Records from a dataset

╔══

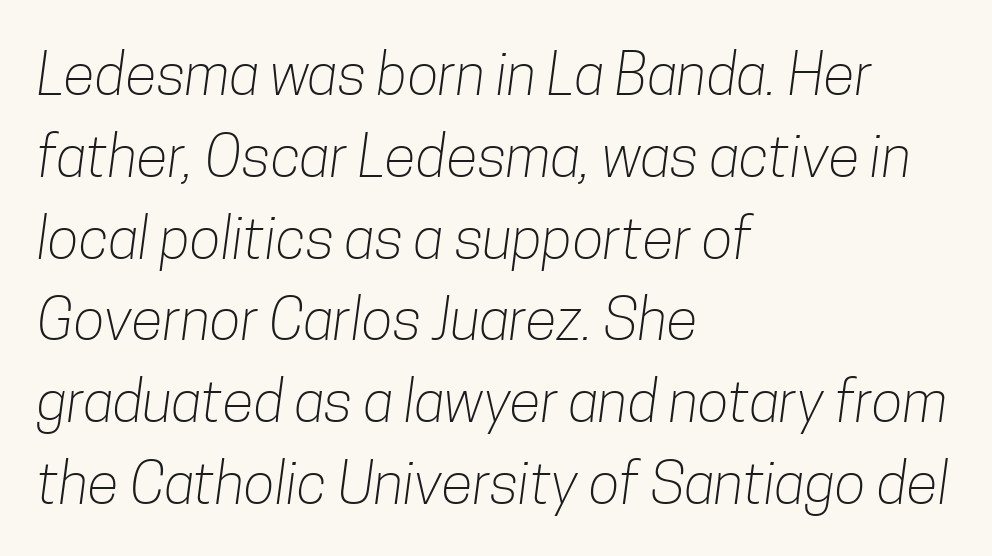
{"serif": "no", "bold": "no", "weight": "light", "width": "condensed", "stroke_contrast": "low", "x_height": "medium", "monospaced": "no", "underline": "no", "align": "left", "line_spacing": "normal", "line_spacing_ratio": 1.41, "letter_spacing": "normal", "letter_spacing_em": 0.0, "glyph_px": 58}
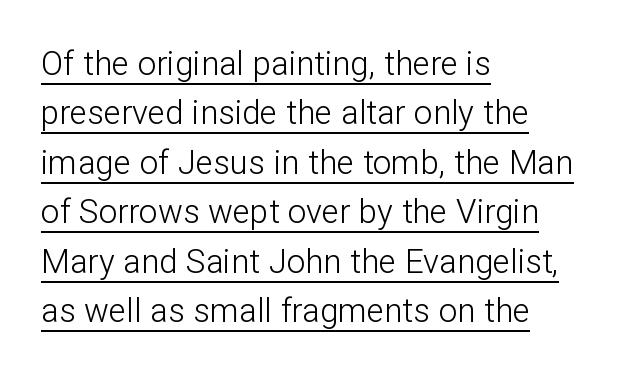
The rendering shows plain stroke endings on the letterforms — a sans-serif design. Nothing heavy about these letters — not bold at all. Here the glyphs are tracked normally, forming tight word shapes. A baseline rule has been typeset under these characters. Successive baselines arrive at the customary interval. Posture: straight, roman, zero tilt.
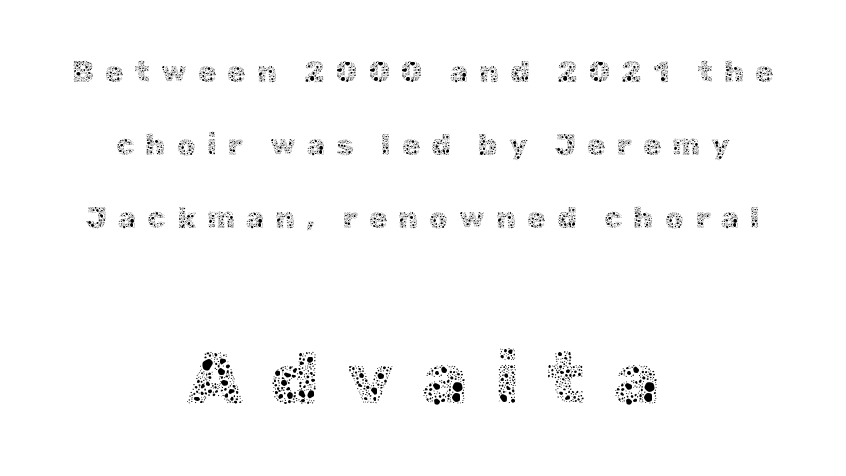
{"italic": "no", "bold": "no", "weight": "thin", "width": "normal", "x_height": "medium", "monospaced": "no", "underline": "no", "align": "center", "line_spacing": "loose", "line_spacing_ratio": 2.44, "letter_spacing": "wide", "letter_spacing_em": 0.36, "larger_block": "second", "size_ratio": 2.5, "glyph_px": 75}
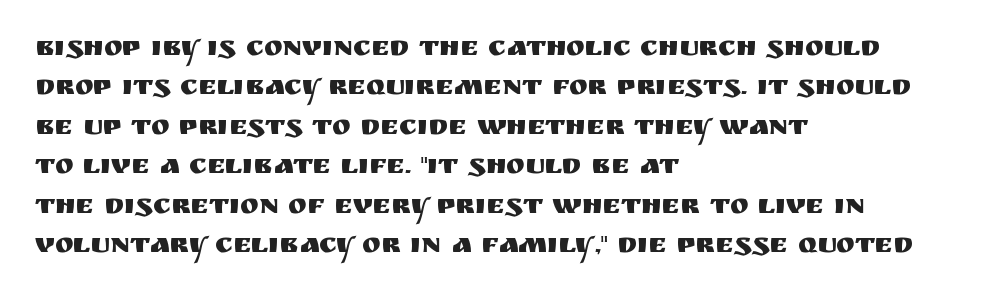
Q: Is the text italic (slanted)? A: No, it is upright.
Q: Is the typeface a serif or a sans-serif typeface? A: Sans-serif.
Q: Is the text underlined? A: No.
Q: How is the paragraph aligned? A: Left-aligned.
Q: Is the spacing between letters normal or unusually wide? A: Normal.
Q: Is the spacing between lines tight, normal or loose? A: Normal.
Q: Width (condensed, normal, or wide)? A: Normal.
Q: Stroke contrast? A: Medium.
Q: x-height? A: Large.
Q: Monospaced? A: No.
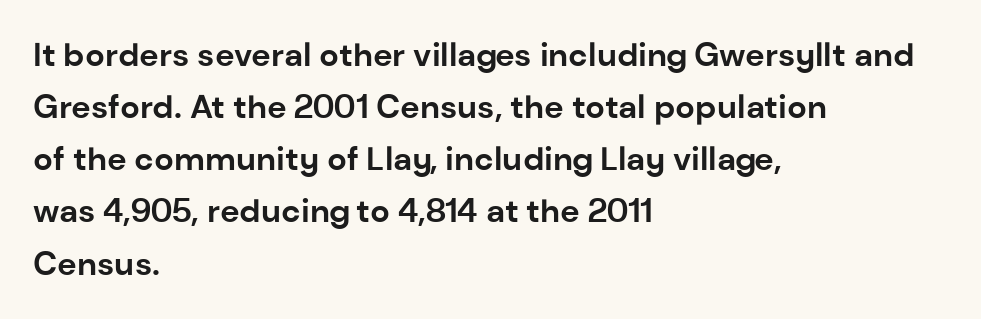
{"serif": "no", "italic": "no", "bold": "yes", "weight": "bold", "width": "normal", "stroke_contrast": "low", "x_height": "medium", "monospaced": "no", "underline": "no", "align": "left", "line_spacing": "normal", "line_spacing_ratio": 1.58, "letter_spacing": "normal", "letter_spacing_em": 0.0, "glyph_px": 33}
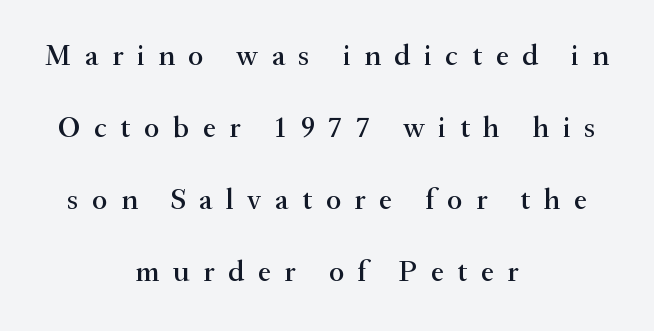
Widely set lines give the paragraph a tall, airy silhouette. You could only call the tracking loose — the letters float apart. Italic? Not at all — the glyphs are vertical. Do the characters align in a grid? No, the font is proportional. Lines of text with bare space underneath.
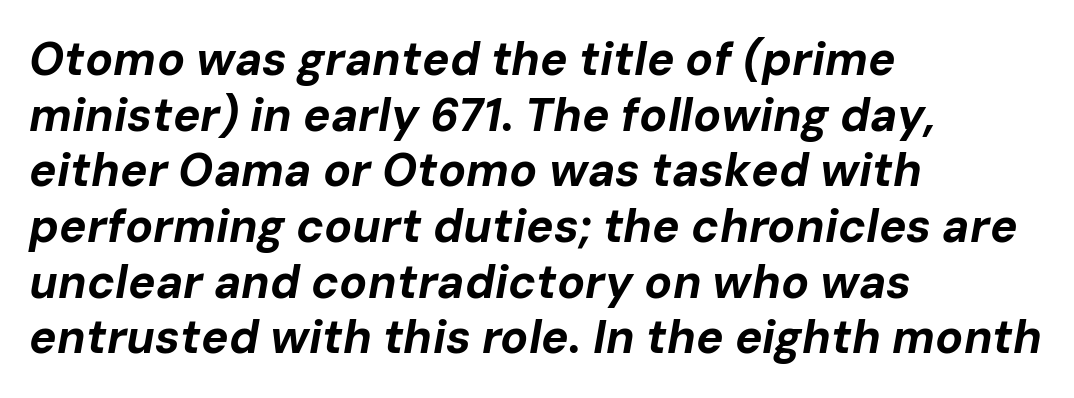
The image shows 46 px bold type, italic (leaning right); set left-aligned, line spacing 1.21x, normal letter spacing, not underlined; low stroke contrast and a medium x-height.
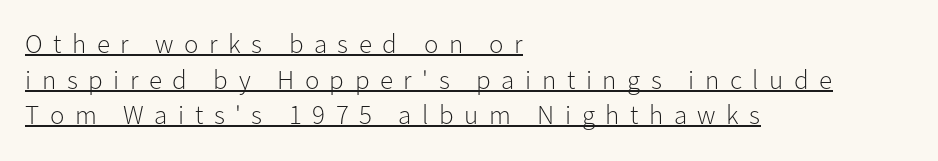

╚══

* [Goal of the exercise]
As you read the records above, find each line that contains "aligned" and copy it.

* [Your solution]
Q: How is the paragraph aligned? A: Left-aligned.
The image shows 46 px bold type, italic (leaning right); set left-aligned, line spacing 1.21x, normal letter spacing, not underlined; low stroke contrast and a medium x-height.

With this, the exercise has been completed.